Archaeologists
Scientists and archaeologists on the planet Olympia have recently uncovered the ruins of an ancient city from a previously unknown civilization. The remnants consist of N towers and M walls, with each wall connecting a specific pair of towers. In a simplified model, towers are represented as points on a plane, and walls are segments connecting these points. Importantly, two walls cannot intersect each other, although they may share a common tower. To explore the city, K archaeologists have been deployed within the city limits. In this model, their positions are also represented as points on a plane. None of the archaeologists are positioned on a tower or wall. Since there is no mobile or radio communication available, archaeologists can only communicate when they meet. Two archaeologists can meet if they can both reach the same point on the plane from their starting positions without crossing any walls or towers. An archaeologist can move from one point to another along any curve.
**Task**
Develop a program that, using the data on the locations of towers, walls, and archaeologists, determines the number of pairs of archaeologists who can meet each other.
**Input**
The first line contains three natural numbers N, M, and K (1 ≤ N ≤ 5∙10^4, 1 ≤ M ≤ 10^5, 1 ≤ K ≤ 5∙10^4) — representing the number of towers, walls, and archaeologists, respectively. The following N lines each contain 2 integers, with absolute values not exceeding 10^6 — these are the coordinates of the towers. No two towers share the same coordinates. The next M lines each contain 2 different integers — the indices of the towers connected by each wall. Towers are numbered from 1 to N. It is guaranteed that two walls do not share any points other than their endpoints. Additionally, no tower lies on any wall, except at the endpoints. The subsequent K lines each contain 2 integers, with absolute values not exceeding 10^6 — these are the coordinates of the archaeologists.

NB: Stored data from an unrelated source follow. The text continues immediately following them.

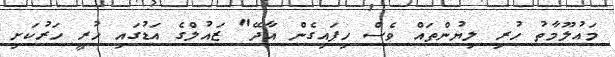
މައުލޫމާތު ހުރި ލިޔުންތައް ވެސް ހިފައިގެން އާދޭ" ޒައުލްގެ އަޑުގައި ހުރީ ހަރުކަށި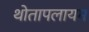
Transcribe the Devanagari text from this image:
थोतापलायम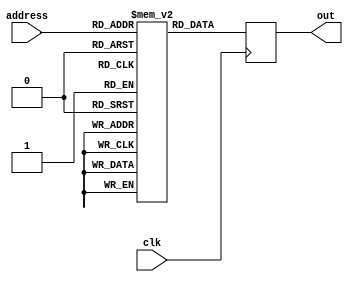
module dispram(
input clk,
input [11:0] address,
output reg [7:0] out);

reg [7:0] dispram [4095:0];

initial begin : once
	dispram[0] <= 8'b00000000;
end

always @(posedge clk) begin
	out <= dispram[address];
end

endmodule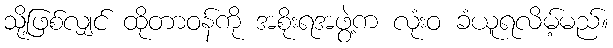
သို့ဖြစ်လျှင် ထိုတာဝန်ကို အစိုးရအဖွဲ့က လုံးဝ ခံယူရလိမ့်မည်။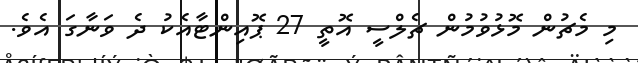
މި މެޗުން މޮޅުވުމުން ޗެލްސީ އޮތީ 27 ޕޮއިންޓާއެކު ދެ ވަނާގަ އެވެ.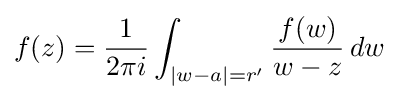
f(z)={\frac {1}{2\pi i}}\int _{|w-a|=r'}{\frac {f(w)}{w-z}}\,dw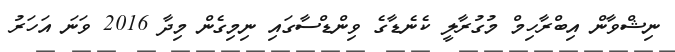
ނިޝްވާން އިބްރާހިމް މުގުރާލީ ކެނެޑާގެ ވިންޑްސާގައި ނިމިގެން މިދާ 2016 ވަނަ އަހަރު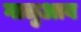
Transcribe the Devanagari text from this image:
गालुआब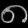
Digit: ၈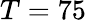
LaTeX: T=75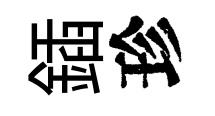
鍤珍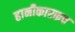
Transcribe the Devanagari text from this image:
हानीकारकच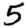
Digit: 5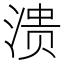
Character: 溃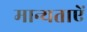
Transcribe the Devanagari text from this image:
मान्यताऐं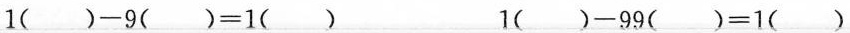
$$1 ( ) - 9 ( ) = 1 ( )$$ $$1 ( ) - 9 9 ( ) = 1 ( )$$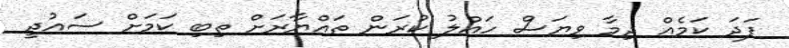
ފަދަ ކަމެއް ދިމާ ވިޔަސް ހައްލު ކުރަން ތައްޔާރަށް ތިބި ކަމަށް ސައުދީ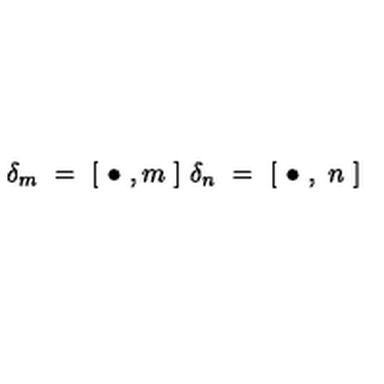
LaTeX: \delta _ { m } \ = \ [ \ \bullet \ , m \ ] \ \delta _ { n } \ = \ [ \ \bullet \ , \ n \ ]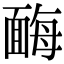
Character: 䩈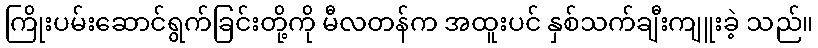
ကြိုးပမ်းဆောင်ရွက်ခြင်းတို့ကို မီလတန်က အထူးပင် နှစ်သက်ချီးကျူးခဲ့ သည်။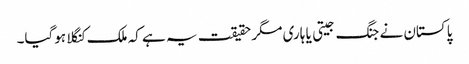
پاکستان نے جنگ جیتی یا ہاری مگر حقیقت یہ ہے کہ ملک کنگلا ہوگیا۔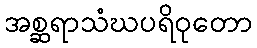
အစ္ဆရာသံဃပရိဝုတော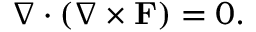
\nabla \cdot ( \nabla \times \mathbf { F } ) = 0 .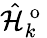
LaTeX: \hat{\mathcal{H}}_{k}^{\mathrm{~o~}}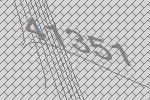
41351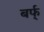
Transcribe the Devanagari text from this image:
बर्फ्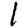
Digit: 1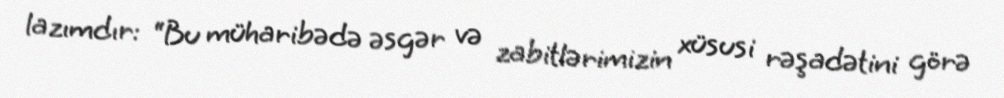
lazımdır: “Bu müharibədə əsgər və zabitlərimizin xüsusi rəşadətini görə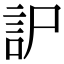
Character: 𧥤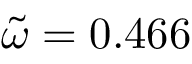
\tilde { \omega } = 0 . 4 6 6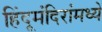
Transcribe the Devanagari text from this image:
हिंदूमंदिरांमध्ये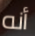
أنه
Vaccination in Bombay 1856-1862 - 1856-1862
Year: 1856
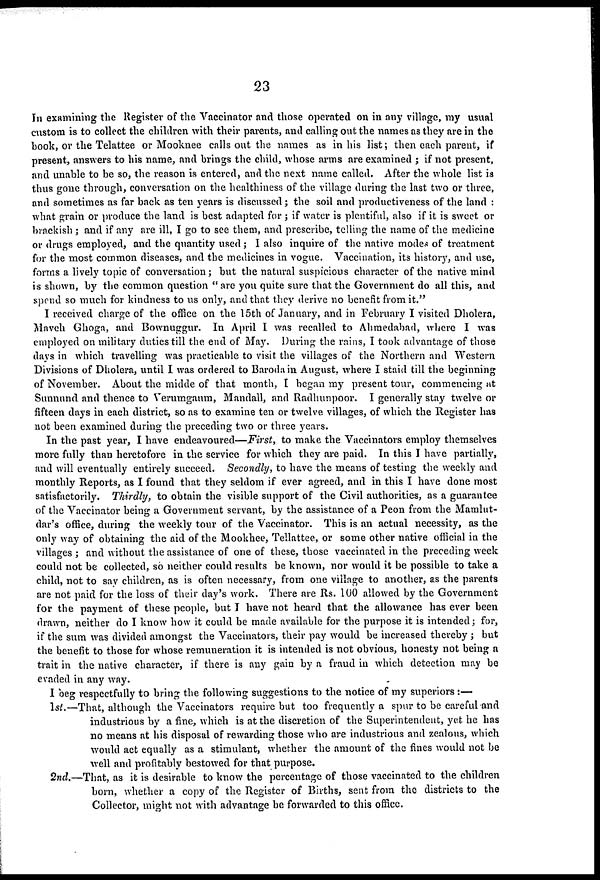
23
In examining the Register of the Vaccinator and those operated on in any village, my usual
custom is to collect the children with their parents, and calling out the names as they are in the
book, or the Telattee or Mooknee calls out the names as in his list; then each parent, if
present, answers to his name, and brings the child, whose arms are examined ; if not present,
and unable to be so, the reason is entered, and the next name called. After the whole list is
thus gone through, conversation on the healthiness of the village during the last two or three,
and sometimes as far back as ten years is discussed; the soil and productiveness of the land :
what grain or produce the land is best adapted for ; if water is plentiful, also if it is sweet or
brackish; and if any are ill, I go to see them, and prescribe, telling the name of the medicine
or drugs employed, and the quantity used; I also inquire of the native modes of treatment
for the most common diseases, and the medicines in vogue. Vaccination, its history, and use,
forms a lively topic of conversation; but the natural suspicious character of the native mind
is shown, by the common question "are you quite sure that the Government do all this, and
spend so much for kindness to us only, and that they derive no benefit from it."
I received charge of the office on the 15th of January, and in February I visited Dholera,
Mavch Ghoga, and Bownuggur. In April I was recalled to Ahmedabad, where I was
employed on military duties till the end of May. During the rains, I took advantage of those
days in which travelling was practicable to visit the villages of the Northern and Western
Divisions of Dholera, until I was ordered to Baroda in August, where I staid till the beginning
of November. About the midde of that month, I began my present tour, commencing at
Sunnund and thence to Verumgaum, Mandall, and Radhunpoor. I generally stay twelve or
fifteen days in each district, so as to examine ten or twelve villages, of which the Register has
not been examined during the preceding two or three years.
In the past year, I have endeavoured—First, to make the Vaccinators employ themselves
more fully than heretofore in the service for which they are paid. In this I have partially,
and will eventually entirely succeed. Secondly, to have the means of testing the weekly and
monthly Reports, as I found that they seldom if ever agreed, and in this I have done most
satisfactorily. Thirdly, to obtain the visible support of the Civil authorities, as a guarantee
of the Vaccinator being a Government servant, by the assistance of a Peon from the Mamlut¬
dar's office, during the weekly tour of the Vaccinator. This is an actual necessity, as the
only way of obtaining the aid of the Mookhee, Tellattee, or some other native official in the
villages ; and without the assistance of one of these, those vaccinated in the preceding week
could not be collected, so neither could results be known, nor would it be possible to take a
child, not to say children, as is often necessary, from one village to another, as the parents
are not paid for the loss of their day's work. There are Rs. 100 allowed by the Government
for the payment of these people, but I have not heard that the allowance has ever been
drawn, neither do I know how it could be made available for the purpose it is intended; for,
if the sum was divided amongst the Vaccinators, their pay would be increased thereby ; but
the benefit to those for whose remuneration it is intended is not obvious, honesty not being a
trait in the native character, if there is any gain by a fraud in which detection may be
evaded in any way.
I beg respectfully to bring the following suggestions to the notice of my superiors :—
1st.—That, although the Vaccinators require but too frequently a spur to be careful and
industrious by a fine, which is at the discretion of the Superintendent, yet he has
no means at his disposal of rewarding those who are industrious and zealous, which
would act equally as a stimulant, whether the amount of the fines would not be
well and profitably bestowed for that purpose.
2nd.—That, as it is desirable to know the percentage of those vaccinated to the children
born, whether a copy of the Register of Births, sent from the districts to the
Collector, might not with advantage be forwarded to this office.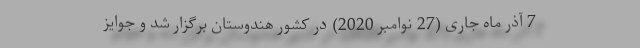
7 آذر ماه جاری (27 نوامبر 2020) در کشور هندوستان برگزار شد و جوایز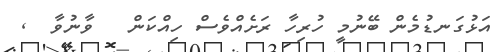
އަޅުގަނޑުމެން ބޭނުމީ ހުރިހާ ރަށެއްވެސް ހިއްކަން   ވާނުވާ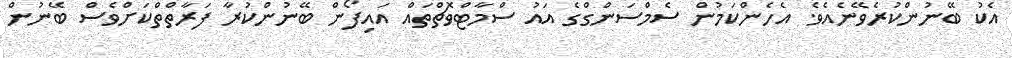
އެކު ބޭނުންކުރެވޭނެއެވެ. އެހެންކަމުން ސެމްސަންގްގެ އައު ސްމާޓްވޮޗްތައް އައިފޯން ބޭނުންކުރާ ފަރާތްތްކަށްވެސް ބޭނުން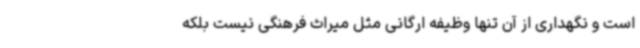
است و نگهداری از آن تنها وظیفه ارگانی مثل میراث فرهنگی نیست بلکه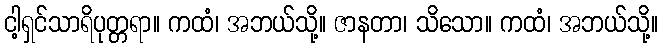
ငါ့ရှင်သာရိပုတ္တရာ။ ကထံ၊ အဘယ်သို့။ ဇာနတာ၊ သိသော။ ကထံ၊ အဘယ်သို့။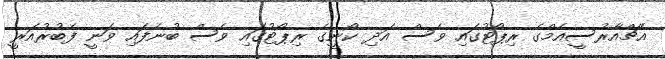
އެޗްއާރުސީއެމްގެ ރިޕޯޓުގައި ވެސް އަދި ކޯނީގެ ރިޕޯޓުގައި ވެސް ބުނެފައި ވަނީ ފެބުރުއަރީ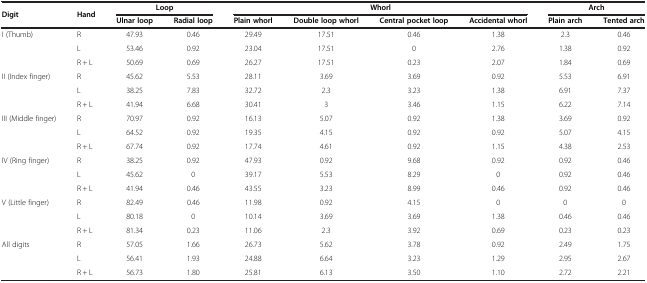
<table><thead><tr><td><b>Digit</b></td><td><b>Hand</b></td><td colspan="2"><b>Loop</b></td><td colspan="4"><b>Whorl</b></td><td colspan="2"><b>Arch</b></td></tr><tr><td><b> </b></td><td><b> </b></td><td><b>Ulnar loop</b></td><td><b>Radial loop</b></td><td><b>Plain whorl</b></td><td><b>Double loop whorl</b></td><td><b>Central pocket loop</b></td><td><b>Accidental whorl</b></td><td><b>Plain arch</b></td><td><b>Tented arch</b></td></tr></thead><tbody><tr><td>I (Thumb)</td><td>R</td><td>47.93</td><td>0.46</td><td>29.49</td><td>17.51</td><td>0.46</td><td>1.38</td><td>2.3</td><td>0.46</td></tr><tr><td> </td><td>L</td><td>53.46</td><td>0.92</td><td>23.04</td><td>17.51</td><td>0</td><td>2.76</td><td>1.38</td><td>0.92</td></tr><tr><td> </td><td>R + L</td><td>50.69</td><td>0.69</td><td>26.27</td><td>17.51</td><td>0.23</td><td>2.07</td><td>1.84</td><td>0.69</td></tr><tr><td>II (Index finger)</td><td>R</td><td>45.62</td><td>5.53</td><td>28.11</td><td>3.69</td><td>3.69</td><td>0.92</td><td>5.53</td><td>6.91</td></tr><tr><td> </td><td>L</td><td>38.25</td><td>7.83</td><td>32.72</td><td>2.3</td><td>3.23</td><td>1.38</td><td>6.91</td><td>7.37</td></tr><tr><td> </td><td>R + L</td><td>41.94</td><td>6.68</td><td>30.41</td><td>3</td><td>3.46</td><td>1.15</td><td>6.22</td><td>7.14</td></tr><tr><td>III (Middle finger)</td><td>R</td><td>70.97</td><td>0.92</td><td>16.13</td><td>5.07</td><td>0.92</td><td>1.38</td><td>3.69</td><td>0.92</td></tr><tr><td> </td><td>L</td><td>64.52</td><td>0.92</td><td>19.35</td><td>4.15</td><td>0.92</td><td>0.92</td><td>5.07</td><td>4.15</td></tr><tr><td> </td><td>R + L</td><td>67.74</td><td>0.92</td><td>17.74</td><td>4.61</td><td>0.92</td><td>1.15</td><td>4.38</td><td>2.53</td></tr><tr><td>IV (Ring finger)</td><td>R</td><td>38.25</td><td>0.92</td><td>47.93</td><td>0.92</td><td>9.68</td><td>0.92</td><td>0.92</td><td>0.46</td></tr><tr><td> </td><td>L</td><td>45.62</td><td>0</td><td>39.17</td><td>5.53</td><td>8.29</td><td>0</td><td>0.92</td><td>0.46</td></tr><tr><td> </td><td>R + L</td><td>41.94</td><td>0.46</td><td>43.55</td><td>3.23</td><td>8.99</td><td>0.46</td><td>0.92</td><td>0.46</td></tr><tr><td>V (Little finger)</td><td>R</td><td>82.49</td><td>0.46</td><td>11.98</td><td>0.92</td><td>4.15</td><td>0</td><td>0</td><td>0</td></tr><tr><td> </td><td>L</td><td>80.18</td><td>0</td><td>10.14</td><td>3.69</td><td>3.69</td><td>1.38</td><td>0.46</td><td>0.46</td></tr><tr><td> </td><td>R + L</td><td>81.34</td><td>0.23</td><td>11.06</td><td>2.3</td><td>3.92</td><td>0.69</td><td>0.23</td><td>0.23</td></tr><tr><td>All digits</td><td>R</td><td>57.05</td><td>1.66</td><td>26.73</td><td>5.62</td><td>3.78</td><td>0.92</td><td>2.49</td><td>1.75</td></tr><tr><td> </td><td>L</td><td>56.41</td><td>1.93</td><td>24.88</td><td>6.64</td><td>3.23</td><td>1.29</td><td>2.95</td><td>2.67</td></tr><tr><td> </td><td>R + L</td><td>56.73</td><td>1.80</td><td>25.81</td><td>6.13</td><td>3.50</td><td>1.10</td><td>2.72</td><td>2.21</td></tr></tbody></table>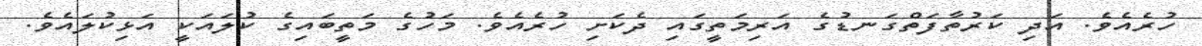
ހުރެެއެވެ. އަދި ކަރުތާފަތްގަނޑުގެ އަރިމަތީގައި ދެކަށި ހުރެއެވެ. މަހުގެ މަތީބައިގެ ކުލައަކީ އަޅިކުލައެވެ.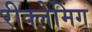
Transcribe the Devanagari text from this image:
रीक्लेमिंग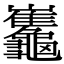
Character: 𪛂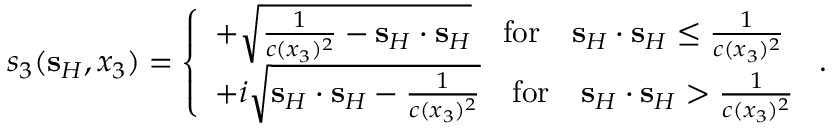
s _ { 3 } ( { \bf s } _ { H } , x _ { 3 } ) = \left\{ \begin{array} { l l } { + \sqrt { \frac { 1 } { c ( x _ { 3 } ) ^ { 2 } } - { \bf s } _ { H } \cdot { \bf s } _ { H } } \quad \mathrm { f o r } \quad { \bf s } _ { H } \cdot { \bf s } _ { H } \leq \frac { 1 } { c ( x _ { 3 } ) ^ { 2 } } } \\ { + i \sqrt { { \bf s } _ { H } \cdot { \bf s } _ { H } - \frac { 1 } { c ( x _ { 3 } ) ^ { 2 } } } \quad \mathrm { f o r } \quad { \bf s } _ { H } \cdot { \bf s } _ { H } > \frac { 1 } { c ( x _ { 3 } ) ^ { 2 } } } \end{array} \right. .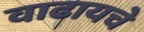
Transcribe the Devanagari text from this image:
वाढायचे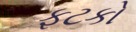
ફટકો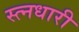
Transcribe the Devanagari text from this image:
स्त्नधारी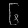
Digit: ၆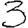
Digit: 3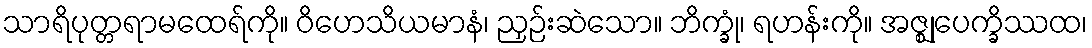
သာရိပုတ္တရာမထေရ်ကို။ ဝိဟေသိယမာနံ၊ ညှဉ်းဆဲသော။ ဘိက္ခုံ၊ ရဟန်းကို။ အဇ္ဈုပေက္ခိဿထ၊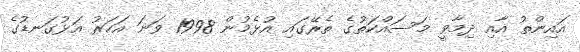
އައިންތު އާއި ދިމާވީ މަސައްކަތުގެ ތެރޭގައި އުޅެމުން 1998 ވަނަ އަހަރު އަޅުގަނޑުގެ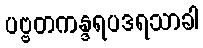
ပဗ္ဗတကန္ဒရပဒရသာခါ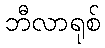
ဘီလာရုစ်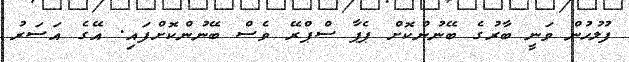
ފުލުހުން ވަނީ ބާރުގެ ބޭނުންކޮށް ޕެޕާ ސްޕްރޭ ވެސް ބޭނުންކޮށްފައި. އޭގެ އަސަރު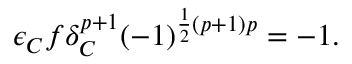
\epsilon _ { C } f \delta _ { C } ^ { p + 1 } ( - 1 ) ^ { \frac 1 2 ( p + 1 ) p } = - 1 .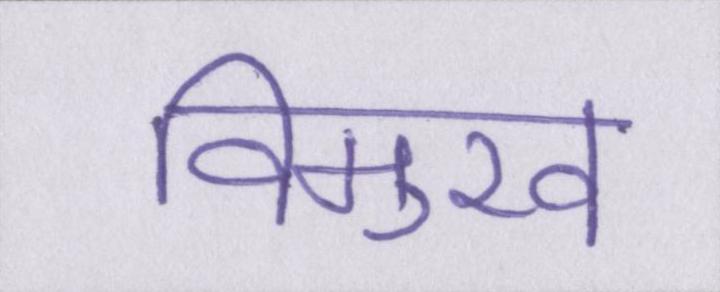
विमुख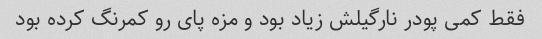
فقط کمی پودر نارگیلش زیاد بود و مزه پای رو کمرنگ کرده بود

No archaeologist is positioned on a wall or tower.
**Output**
The output file, archaeology.sol, should contain a single number — the count of pairs of archaeologists who can meet each other.
**Scoring**
The test set is divided into 6 blocks, each with specific additional conditions:
1. 15 points: 2 ≤ N ≤ 4, 1 ≤ K ≤ 10. 2. 15 points: 3 ≤ N ≤ 1000, 1 ≤ K ≤ 1000, with each tower being the endpoint of no more than two walls. 3. 20 points: All walls are parallel to the coordinate axes, and all coordinates do not exceed 500 in absolute value. 4. 15 points: 2 ≤ N∙K ≤ 1,000,000. 5. 15 points: All walls are parallel to the coordinate axes. 6. 20 points: No additional restrictions.